I already forget how Tim Miller was described in the opening credits, but the video game effects wizard deserves genuine plaudits for his live-action directorial debut, not simply for deploying and defining an engaging visual language but almost immediately beginning to challenge audience assumptions about it, in terms of both onscreen carnage and milieu. Deadpool largely takes place in overlooked corners of the world – seedy bars (comedian T.J. Miller does great work as Wade’s laconic barkeep confidante), dimly lit loft apartments, even more poorly lit skid row laboratories, and, as the piece de resistance, a dingy shipyard that quickly devolves into a dingy scrapyard – that apparently fall well outside the mandate of either the X-Men or Avengers to protect. At its fevered heights, Deadpool is a busy yet comprehensible frenzy of 360-degree kineticism where, for perhaps the first time in movie history, slow motion photography holds no inherent advantage over its full motion counterpart, in large part due to the demystified accessibility of its still impressive action.

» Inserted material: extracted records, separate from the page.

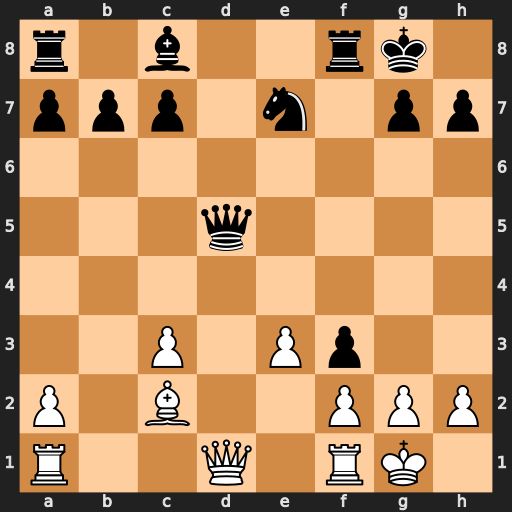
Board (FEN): r1b2rk1/ppp1n1pp/8/3q4/8/2P1Pp2/P1B2PPP/R2Q1RK1
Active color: w
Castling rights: -
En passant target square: -
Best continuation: Bb3 Be6 Bxd5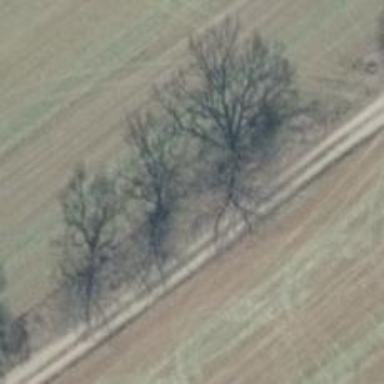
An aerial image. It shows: Landmark tree with broadleaved deciduous leaves.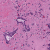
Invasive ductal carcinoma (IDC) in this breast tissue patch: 0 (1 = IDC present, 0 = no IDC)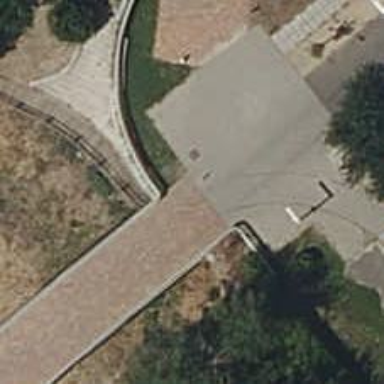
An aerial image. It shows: Bollard.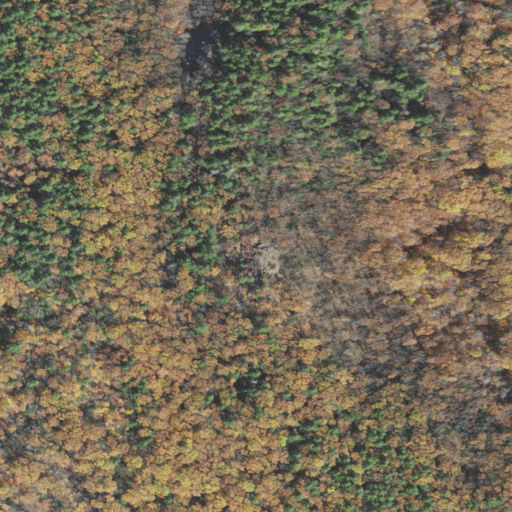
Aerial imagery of ridge(s) in New Hampshire named Hedgehog Hill containing mixed forest, deciduous forest, and evergreen forest
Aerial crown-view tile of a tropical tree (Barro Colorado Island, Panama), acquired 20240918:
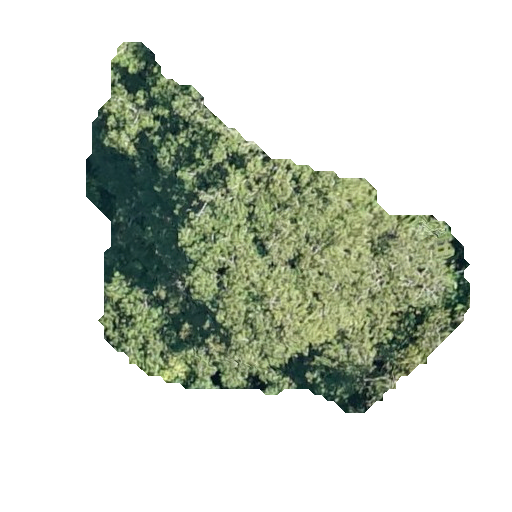
Species: Virola surinamensis
GBIF accepted scientific name: Virola surinamensis
Crown area: 131.89 m²

Deadpool’s aerial attack moves resemble a singularly motivated, suspiciously well-armed Olympic high diver in multi-tasking, magazine-emptying mid-descent. If that sounds cool, then is this ever the movie for you – sly visual poetry, punishing verbal interactions, and even a good, hard tug at the heartstrings. Deadpool isn’t quite a masterpiece, though it does go about its business masterfully, nor a paradigm shift, merely a superb outlier. Those so calling it are rightly excited over a superhero movie that not only rails mightily against genre conventions but subverts them with a level of feeling, technical skill, and ingrained personal satisfaction so palpable that it bleeds off the screen and infects the audience. Its record-shattering opening weekend no doubt already has producers everywhere breathlessly preparing their own hard R-rated superhero epics. I sincerely hope they fail. Deadpool himself constantly rebukes the hero mantle. He’s a one-of-a-kind, not a role model. Why would anyone want to make the mistake of putting him in the same sort of box? A singular movie like Deadpool should be cherished for what it is, not held up as an overt example for others to follow.